Daniel Anderl Judicial Security and Privacy Act of 2022
- Enacted by: the 117th United States Congress

Citations
- Public law: Pub. L. 117–263 (text) (PDF), Division E, Title LIX, Subtitle D
- Statutes at Large: 136 Stat. 3458

Legislative history
- Signed into law by President Joe Biden on December 23, 2022;

= Daniel Anderl Judicial Security and Privacy Act =

2022 United States federal law

The Daniel Anderl Judicial Security and Privacy Act of 2022 is a United States federal law that protects the personal information of federal judges and their immediate families by restricting its sale and disclosure. It was enacted on December 23, 2022, as part of the National Defense Authorization Act for Fiscal Year 2023. The law is named for Daniel Anderl, the son of U.S. District Judge Esther Salas, who was killed in an attack at the family's home in 2020.

== Background ==
On July 19, 2020, lawyer Roy Den Hollander, who had a case before Salas, attacked her family at their home in New Jersey while posing as a delivery driver. He killed her 20-year-old son, Daniel, and wounded her husband, Mark Anderl. Salas was elsewhere in the house and was not injured. Following the attack, she called for restrictions on access to judges' personal information.

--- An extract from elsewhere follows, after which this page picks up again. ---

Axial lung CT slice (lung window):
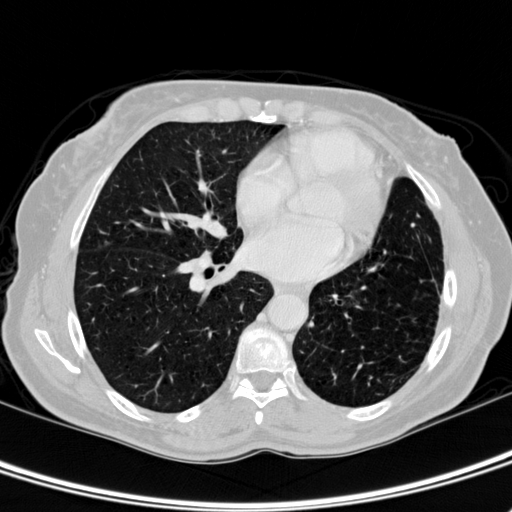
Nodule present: no

New Jersey enacted a separate statute, known as "Daniel's Law", in 2020 to protect personal information about judges and other public officials.

== Legislative history ==
Senator Bob Menendez announced the federal legislation in September 2020, with support from Senator Cory Booker, Representative Mikie Sherrill and Senator Lindsey Graham. A subsequent version advanced through the Senate Judiciary Committee in December 2021. In May 2022, Senator Rand Paul blocked an attempt to pass the bill by unanimous consent, arguing that its protections should also cover members of Congress. Menendez opposed adding those provisions, saying that doing so could impede passage.

Congress incorporated the measure into the defense authorization bill for fiscal year 2023. The Senate approved that bill on December 15, 2022, by a vote of 83–11, following House approval. President Joe Biden signed the legislation on December 23. The act comprises sections 5931–5939 of Public Law 117–263.

== Provisions ==
The act restricts the sale of judges' personal information by data brokers and provides for its removal from federal government websites. It also allows judges to request that other businesses and individuals remove personal information published online, subject to exceptions for news reporting and matters of public interest. Protected information includes home addresses, telephone numbers and Social Security numbers of judges and their immediate families.

== Reception ==
The Judicial Conference of the United States supported the legislation. Salas and Roslynn R. Mauskopf, director of the Administrative Office of the United States Courts, argued that protecting judges and their families from threats was necessary to preserve judicial independence.

Court watchdog groups, including Fix the Court and the Free Law Project, raised concerns about the bill's breadth and its implications for transparency and the First Amendment. In October 2022, the Reporters Committee for Freedom of the Press argued that the proposed restrictions could hinder reporting on judicial conflicts of interest. It said that exemptions for news reporting might offer insufficient protection if the underlying information became unavailable to journalists.